Full name dictionary: {'Voldemort': 'Voldemort', 'Albus Dumbledore': 'Albus Dumbledore', 'Severus Snape': 'Severus Snape', 'Dobby': 'Dobby', 'Harry Potter': 'Harry Potter', 'Ron': 'Ron', 'Hermione': 'Hermione Weasley', 'Griphook': 'Griphook', 'Harry': 'Harry Potter', 'Ollivander': 'Ollivander', 'Draco Malfoy': 'Draco Malfoy', 'Malfoy': 'Draco Malfoy', 'Helga Hufflepuff': 'Helga Hufflepuff', 'Rowena Ravenclaw': 'Rowena Ravenclaw', 'Hogsmeade': 'Hogsmeade', 'Aberforth Dumbledore': 'Aberforth Dumbledore', 'Ariana': 'Ariana', 'Neville Longbottom': 'Neville Longbottom', 'Snape': 'Severus Snape', 'Minerva McGonagall': 'Minerva McGonagall', 'Luna Lovegood': 'Luna Lovegood', 'Helena Ravenclaw': 'Helena Ravenclaw', 'Gregory Goyle': 'Gregory Goyle', 'Blaise Zabini': 'Blaise Zabini', 'Nagini': 'Nagini', 'Fred': 'Fred', 'Lily': 'Lily', 'James': 'James', 'Dumbledore': 'Albus Dumbledore', 'Neville': 'Neville Longbottom', 'Molly Weasley': 'Moll

We can now extract the most mentioned characters in any plot summary, in descending order of frequency. We can then see that Harry Potter is indeed the main character of the movie, as he is mentioned 26 times, more than any other character in the summary.  

In [6]:
char_mentions = most_mentioned(movie_id)
print(char_mentions)

[('Harry Potter', 26), ('Voldemort', 21), ('Severus Snape', 11), ('Ron', 6), ('Hermione Weasley', 6), ('Albus Dumbledore', 5), ('Griphook', 3), ('Draco Malfoy', 3), ('Neville Longbottom', 3), ('Nagini', 3), ('Ollivander', 2), ('Lily', 2), ('Dobby', 1), ('Helga Hufflepuff', 1), ('Rowena Ravenclaw', 1), ('Hogsmeade', 1), ('Aberforth Dumbledore', 1), ('Ariana', 1), ('Minerva McGonagall', 1), ('Luna Lovegood', 1), ('Helena Ravenclaw', 1), ('Gregory Goyle', 1), ('Blaise Zabini', 1), ('Fred', 1), ('James', 1), ('Molly Weasley', 1), ('Ginny Potter', 1)]
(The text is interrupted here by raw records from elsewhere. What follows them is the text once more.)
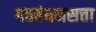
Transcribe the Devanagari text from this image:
गठबंधनसत्ता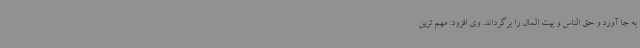
به جا آورد و حق الناس و بیت المال را برگرداند. وی افزود: مهم ترین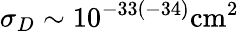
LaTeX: \sigma_{D}\sim 10^{-33(-34)}\mathrm{{cm}^{2}}
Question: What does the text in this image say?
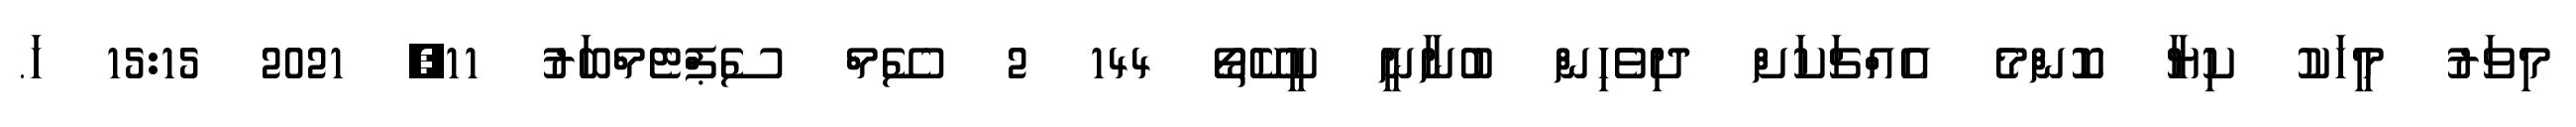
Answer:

 ### 2.4. Character interactions <a class="anchor" id="section2-4"></a>

We are also interested in character interactions. We can use the number of common mentions of two characters in the same sentence as a proxy for the number of interactions. For any movie, we find the number of common mentions (i.e. interactions) for each pair of characters. 

In [7]:
char_pairs = character_pairs(movie_id, plot_df)
print(char_pairs[:10])

[(('Hermione Weasley', 'Ron'), 4), (('Harry Potter', 'Voldemort'), 4), (('Albus Dumbledore', 'Voldemort'), 3), (('Albus Dumbledore', 'Severus Snape'), 2), (('Harry Potter', 'Hermione Weasley'), 2), (('Harry Potter', 'Ron'), 2), (('Nagini', 'Voldemort'), 2), (('Harry Potter', 'Lily'), 2), (('Albus Dumbledore', 'Harry Potter'), 2), (('Severus Snape', 'Voldemort'), 1)]


In [8]:
main_interaction = character_pairs(movie_id, plot_df)[0][0]
print('Main interaction in the movie:', main_interaction)

Main interaction in the movie: ('Hermione Weasley', 'Ron')


In conclusion, the coreNLP files provided with the datasets are useful to extract the characters mentioned. 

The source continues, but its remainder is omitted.